Rekindling reconciliation

A special rapporteur from the United Nations has arrived in Australia to examine the human rights of the Aboriginal and Torres Strait Islander peoples. Professor James Anaya will also look into the legality of the Northern Territory intervention and the suspension of the Racial Discrimination Act that enabled it. So far, he has been at his diplomatic best when discussing the matters. He noted the letter he has received signed by several thousand people complaining at the flawed intervention and the lack of consultation surrounding it. When asked whether the measures were discriminatory he said, “On the face of it, yes. But I’m not expressing a conclusion on whether or not that’s justified at this time.”

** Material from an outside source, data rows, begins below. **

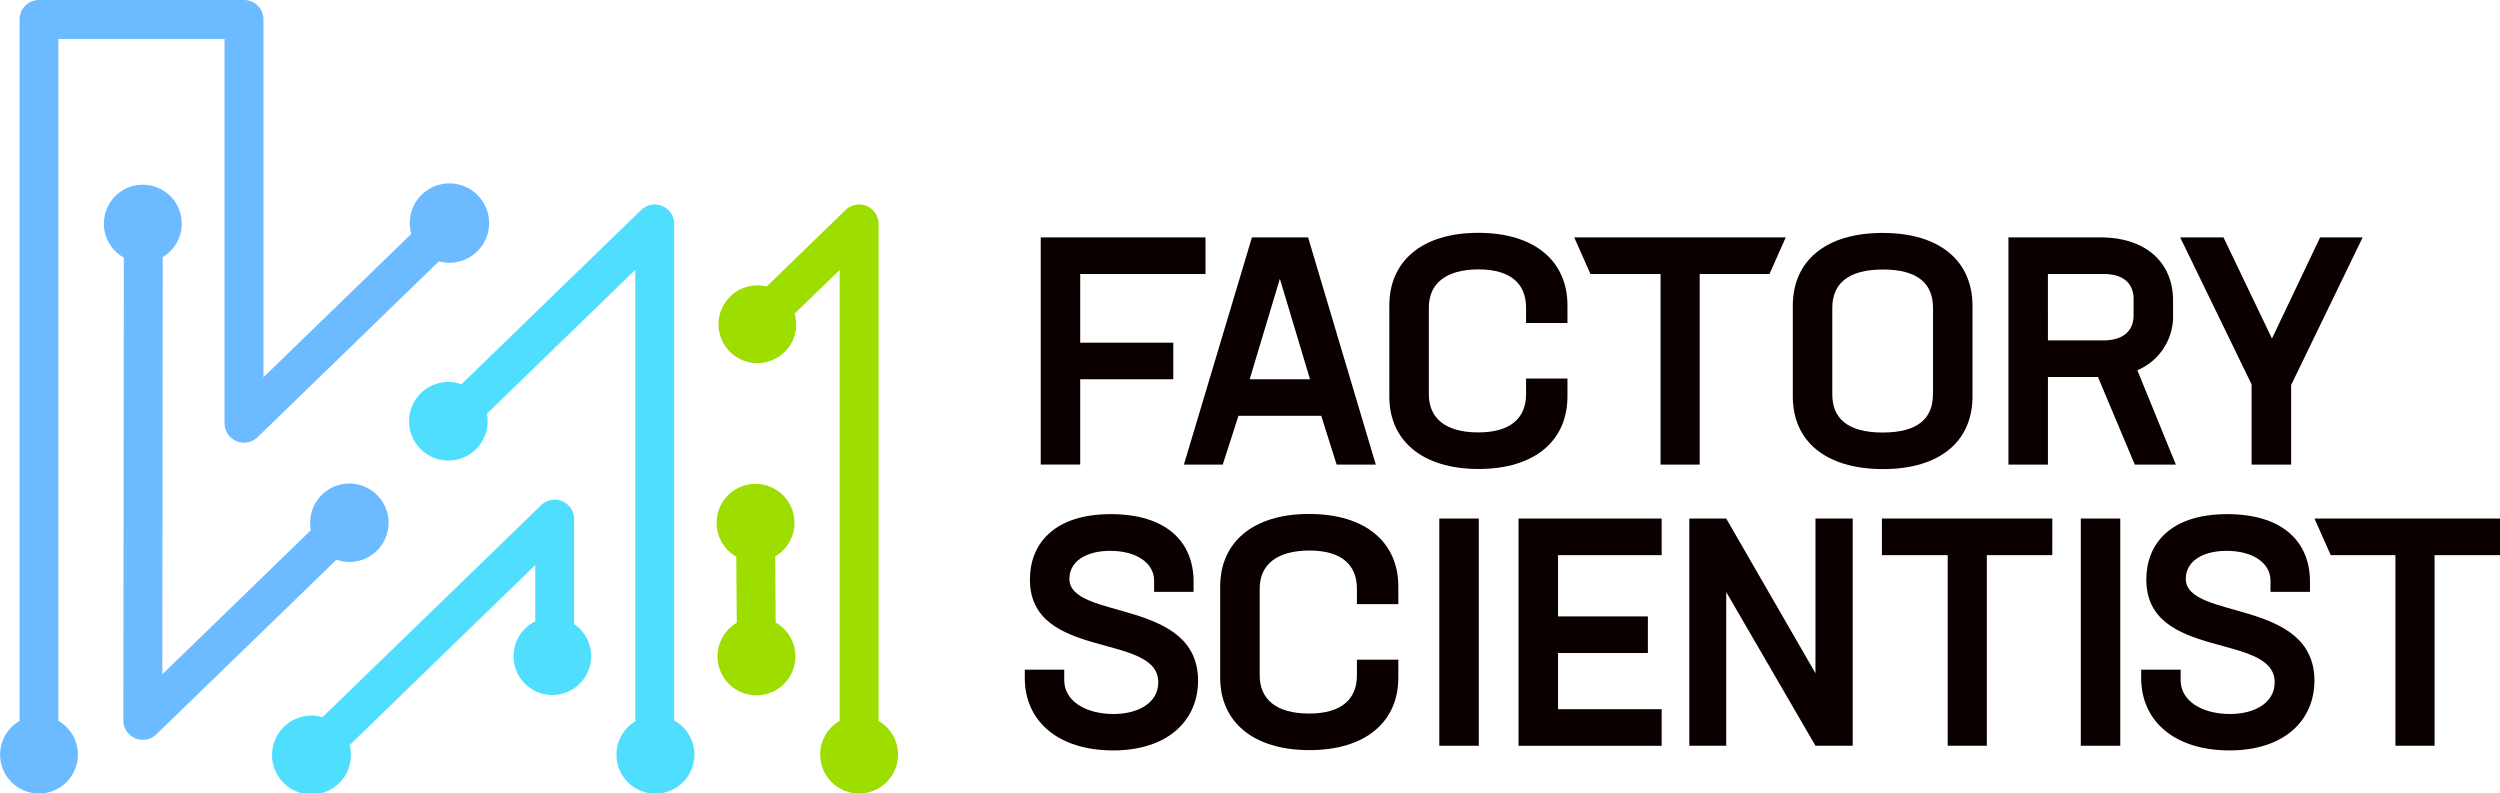 <svg xmlns="http://www.w3.org/2000/svg" width="126.05" height="40" viewBox="0 0 126.05 40">
    <g id="logo_fs-officail" transform="translate(-592.433 -304.305)">
        <g id="グループ_52" data-name="グループ 52" transform="translate(644.102 330.224)">
            <path id="パス_305" data-name="パス 305"
                  d="M656.625,344.774v-.421h1.99v.534c0,1.036,1.068,1.7,2.491,1.7,1.2,0,2.25-.534,2.25-1.6,0-2.524-6.472-1.084-6.472-5.177,0-1.8,1.214-3.3,4.078-3.3,2.815,0,4.174,1.408,4.174,3.4v.518h-1.99v-.567c0-.889-.889-1.5-2.216-1.5-1.214,0-2.055.534-2.055,1.408,0,2.1,6.471.97,6.488,5.128,0,1.991-1.488,3.527-4.3,3.527C658.259,348.414,656.625,346.909,656.625,344.774Z"
                  transform="translate(-656.625 -336.506)" fill="#0a0000"/>
            <path id="パス_306" data-name="パス 306"
                  d="M668.866,344.758v-4.6c0-2.217,1.634-3.657,4.482-3.657,2.863,0,4.5,1.44,4.5,3.657v.89h-2.088v-.778c0-1.2-.776-1.925-2.394-1.925-1.666,0-2.508.728-2.508,1.925v4.369c0,1.2.825,1.925,2.492,1.925,1.634,0,2.41-.728,2.41-1.925v-.793h2.088v.906c0,2.217-1.635,3.656-4.482,3.656S668.866,346.975,668.866,344.758Z"
                  transform="translate(-659.013 -336.506)" fill="#0a0000"/>
            <path id="パス_307" data-name="パス 307" d="M682.592,336.787h1.991v11.456h-1.991Z"
                  transform="translate(-661.691 -336.561)" fill="#0a0000"/>
            <path id="パス_308" data-name="パス 308"
                  d="M689.547,338.632v3.09h4.53v1.845h-4.53V346.4h5.225v1.845h-7.216V336.787h7.216v1.845Z"
                  transform="translate(-662.66 -336.561)" fill="#0a0000"/>
            <path id="パス_309" data-name="パス 309"
                  d="M706.491,336.787v11.456h-1.877l-4.5-7.75v7.75h-1.86V336.787h1.86l4.5,7.8v-7.8Z"
                  transform="translate(-664.747 -336.561)" fill="#0a0000"/>
            <path id="パス_310" data-name="パス 310" d="M718.907,338.632h-3.3v9.611h-1.973v-9.611h-3.317v-1.845h8.591Z"
                  transform="translate(-667.1 -336.561)" fill="#0a0000"/>
            <path id="パス_311" data-name="パス 311" d="M722.775,336.787h1.99v11.456h-1.99Z"
                  transform="translate(-669.53 -336.561)" fill="#0a0000"/>
            <path id="パス_312" data-name="パス 312"
                  d="M726.557,344.774v-.421h1.99v.534c0,1.036,1.068,1.7,2.491,1.7,1.2,0,2.25-.534,2.25-1.6,0-2.524-6.472-1.084-6.472-5.177,0-1.8,1.214-3.3,4.077-3.3,2.815,0,4.175,1.408,4.175,3.4v.518h-1.991v-.567c0-.889-.889-1.5-2.217-1.5-1.214,0-2.054.534-2.054,1.408,0,2.1,6.471.97,6.487,5.128,0,1.991-1.488,3.527-4.3,3.527C728.191,348.414,726.557,346.909,726.557,344.774Z"
                  transform="translate(-670.268 -336.506)" fill="#0a0000"/>
            <path id="パス_313" data-name="パス 313" d="M746.768,338.632h-3.3v9.611h-1.974v-9.611h-3.262l-.819-1.845h9.355Z"
                  transform="translate(-672.386 -336.561)" fill="#0a0000"/>
        </g>
        <g id="グループ_53" data-name="グループ 53" transform="translate(644.907 316.049)">
            <path id="パス_314" data-name="パス 314"
                  d="M659.615,321.022v3.463h4.693v1.844h-4.693v4.3h-1.99V319.177h8.307v1.845Z"
                  transform="translate(-657.625 -318.951)" fill="#0a0000"/>
            <path id="パス_315" data-name="パス 315"
                  d="M673.518,328.173h-4.174l-.793,2.46h-1.958l3.43-11.455h2.832l3.414,11.455h-1.974Zm-3.608-1.844h3.042l-1.52-5.065Z"
                  transform="translate(-659.375 -318.951)" fill="#0a0000"/>
            <path id="パス_316" data-name="パス 316"
                  d="M679.461,327.148v-4.6c0-2.217,1.634-3.657,4.481-3.657,2.864,0,4.5,1.44,4.5,3.657v.889h-2.087v-.777c0-1.2-.776-1.925-2.394-1.925-1.666,0-2.508.728-2.508,1.925v4.369c0,1.2.825,1.925,2.491,1.925,1.635,0,2.411-.728,2.411-1.925v-.793h2.087v.906c0,2.216-1.634,3.656-4.481,3.656S679.461,329.364,679.461,327.148Z"
                  transform="translate(-661.885 -318.896)" fill="#0a0000"/>
            <path id="パス_317" data-name="パス 317"
                  d="M700.887,321.022h-3.518v9.611h-1.974v-9.611h-3.534l-.819-1.845h10.664Z"
                  transform="translate(-664.144 -318.951)" fill="#0a0000"/>
            <path id="パス_318" data-name="パス 318"
                  d="M704.734,327.148v-4.58c0-2.232,1.618-3.672,4.53-3.672s4.53,1.44,4.53,3.672v4.58c0,2.232-1.618,3.656-4.513,3.656C706.368,330.8,704.734,329.38,704.734,327.148Zm7.07-.113v-4.353c0-1.213-.744-1.941-2.523-1.941s-2.556.728-2.556,1.941v4.353c0,1.2.76,1.925,2.54,1.925C711.061,328.96,711.8,328.231,711.8,327.034Z"
                  transform="translate(-666.815 -318.896)" fill="#0a0000"/>
            <path id="パス_319" data-name="パス 319"
                  d="M722.756,326.215h-2.523v4.417h-1.991V319.177h4.643c2.249,0,3.657,1.23,3.657,3.187v.663a2.948,2.948,0,0,1-1.8,2.848l1.941,4.757h-2.071Zm-2.523-1.844h2.783c.987,0,1.537-.453,1.537-1.278V322.3c0-.825-.534-1.278-1.52-1.278h-2.8Z"
                  transform="translate(-669.451 -318.951)" fill="#0a0000"/>
            <path id="パス_320" data-name="パス 320"
                  d="M734.594,326.619v4.013H732.6v-4.046L729,319.177h2.184l2.443,5.1,2.428-5.1H738.2Z"
                  transform="translate(-671.549 -318.951)" fill="#0a0000"/>
        </g>
        <g id="グループ_54" data-name="グループ 54" transform="translate(592.433 304.305)">
            <path id="パス_321" data-name="パス 321"
                  d="M595.376,340.653V306.267h8.378v19.381a.982.982,0,0,0,1.665.7l9.145-8.868a2,2,0,1,0-1.394-1.382l-7.453,7.227V305.286a.981.981,0,0,0-.981-.981H594.4a.982.982,0,0,0-.981.981v35.366a1.962,1.962,0,1,0,1.962,0Z"
                  transform="translate(-592.433 -304.305)" fill="#6cbaff"/>
            <path id="パス_322" data-name="パス 322"
                  d="M631.433,343.129V318.091a.981.981,0,0,0-1.665-.7l-9.062,8.787a1.94,1.94,0,0,0-.641-.116,1.981,1.981,0,1,0,1.926,1.6l7.479-7.252v22.762a1.965,1.965,0,1,0,1.962-.042Z"
                  transform="translate(-597.441 -306.803)" fill="#50deff"/>
            <path id="パス_323" data-name="パス 323"
                  d="M645.51,343.15V318.091a.981.981,0,0,0-1.665-.7l-3.979,3.859a1.959,1.959,0,1,0,1.493,1.9,1.942,1.942,0,0,0-.083-.534l2.271-2.2V343.15a1.962,1.962,0,1,0,1.962,0Z"
                  transform="translate(-601.212 -306.803)" fill="#9ddd00"/>
            <path id="パス_324" data-name="パス 324"
                  d="M611.3,334.9a1.977,1.977,0,1,0-1.925-1.6l-7.49,7.263.022-21.035a1.963,1.963,0,1,0-1.962.027l-.024,23.329a.981.981,0,0,0,1.665.705l9.082-8.806A1.946,1.946,0,0,0,611.3,334.9Z"
                  transform="translate(-593.701 -306.565)" fill="#6cbaff"/>
            <path id="パス_325" data-name="パス 325"
                  d="M624.718,341.875v-5.293a.981.981,0,0,0-1.664-.7l-11.025,10.69a1.925,1.925,0,0,0-.53-.082,1.988,1.988,0,1,0,1.9,1.488l9.358-9.074v2.837a1.956,1.956,0,1,0,1.962.138Z"
                  transform="translate(-595.77 -310.411)" fill="#50deff"/>
            <path id="パス_326" data-name="パス 326"
                  d="M640.3,341.609l-.024-3.334a1.963,1.963,0,1,0-1.962.013l.024,3.334a1.963,1.963,0,1,0,1.962-.013Z"
                  transform="translate(-601.19 -310.221)" fill="#9ddd00"/>
        </g>
    </g>
</svg>

Professor Anaya will take two weeks gathering evidence. It is very unlikely he will hand down a glowing report. The facts are already in. Howard’s legacy of “practical reconciliation”, which involved troops rushing onto the Aboriginal peoples’ land presumably to straighten out services and build the necessary infrastructure, has been a spectacular fizzer, if that were ever its motivation. Housing in remote Aboriginal communities is still a national disgrace. A confidential government memo recently revealed that up until 15 months ago, the $673 million allocated for the Strategic Indigenous Housing and Infrastructure Program had not produced a single new house for struggling Aboriginal communities. Not one!

While the army moved into remote communities, a propaganda war was stepped up in the media. As Aboriginal leader Pat Dodson commented in an opinion piece in The Sydney Morning Herald last week, the occasional efforts to improve the conditions of Aboriginal people and the relations between Indigenous and non-Indigenous Australians over recent decades were derided as soft-headed, small “l” liberalism.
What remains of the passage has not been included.